Epicardial adipose tissue (EAT, Figure 3) is a rich local source of IL-6 signaling in obesity [173,174] and a key contributor to a higher risk of cardiac events in patients [175,176]. In this context, Ernault et al. previously showed that atrial EAT-derived secretomes facilitate sustained reentrant arrhythmias when compared with subcutaneous adipose tissue secretomes or cardiomyocyte-conditioned media [177], and that this occurs through the decreased expression of I_K1 and connexin-43. These findings predict that EAT-derived cytokine mechanisms are likely to adequately mirror local IL-6 trans-signaling-defined pathophysiological conditions and to reveal prime candidates for augmented cellular ventricular arrhythmogenesis and increased SCD risk with obesity.

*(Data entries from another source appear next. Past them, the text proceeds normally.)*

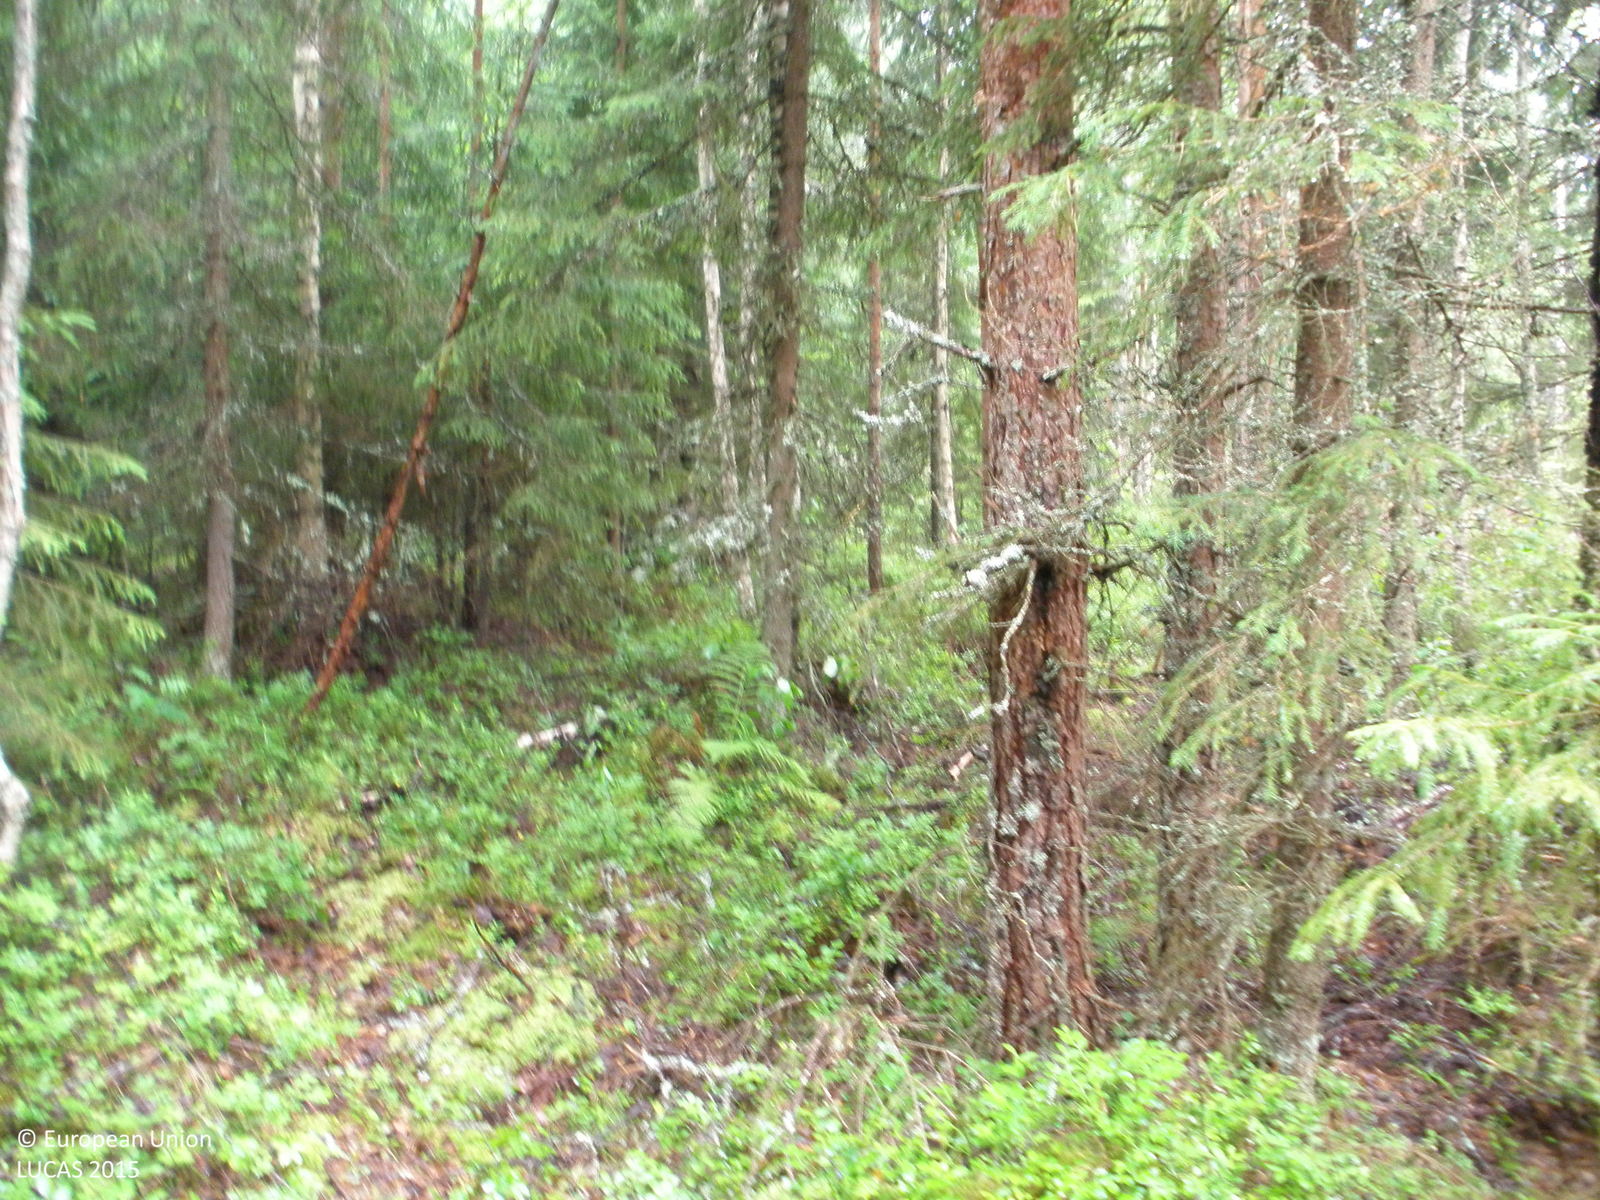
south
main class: Woodland
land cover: Spruce dominated mixed woodland
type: boreal forest
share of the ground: > 75 %
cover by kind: coniferous forest trees 40 %, broadleaved forest trees 35 %, herbaceous plants 15 %, lichens and mosses 5 %
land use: Forestry
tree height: > 5 m
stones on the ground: < 10 %
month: July
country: FI
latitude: 61.3956
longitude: 23.6961

Furthermore, macrophages are associated with heightened immune responses to infectious pathogens and tissue damage in obesity [178], while enlarged adipocytes release saturated FFAs through lipolysis [179]. In this regard, the chronic accumulation of lipid droplets within the myocardium will be expected to promote an infiltration of activated macrophages and epicardial adipocytes, resulting in heightened IL-6 trans-signaling, and warrants further investigation. One way to achieve this is via in silico models. Computational modeling will accomplish two goals: 1) the creation of cellular models that provide a physiological understanding of individual or multiple combinations of cytokines’ pro-arrhythmic effects and 2) the integration of cell models into ventricular tissue 2D or 3D models to predict tissue-level mechanisms of arrhythmia, including the subcellular incidence of alternans, afterdepolarizations, the formation of triggered beats, and changes in conduction velocity, as well as a vulnerability window of unidirectional conduction block and arrhythmias. Another important in vitro model is cultured cells differentiated into cardiomyocytes from human-induced pluripotent cells (hiPSC-CMs), which have been very useful in understanding the cellular phenotypic characteristic of cardiomyocytes and in comparing these cellular phenotypes with normal individuals and obese patients with heart disease [180,181]. This type of human heart modeling increasingly constitutes an important preclinical human model or cellular complement in studying arrhythmia mechanisms in the intact hearts of model animals.

7. Conclusions

Obesity is a multifactorial chronic disease where the initiated signaling cascades are complex, and other pathways could be involved in the increased arrhythmia risk. Although focusing on the pathological role of how an individual obesity mediator predisposes to arrhythmia is the typical approach, conceptually, the complexity of obesity suggests that the individual and synergistic molecular mechanisms of cytokines/ion channels/cardiomyocytes likely limit a holistic understanding of the functional coupling between obesity and arrhythmias. Although significant advances have been made in prognostic approaches and anti-arrhythmic drugs, significant adjustments of the existing approaches that will lead to deeper mechanistic insights are still clearly needed. Despite these complexities, an important goal is to continue to make novel discoveries in established preclinical models that will help to translate our work into preclinical trials with large animals; human tissue/myocyte models; and ultimately, humans. Without such information, the promise of a novel class of anti-IL-6 therapies for the treatment of human ventricular arrhythmia will likely remain unfulfilled.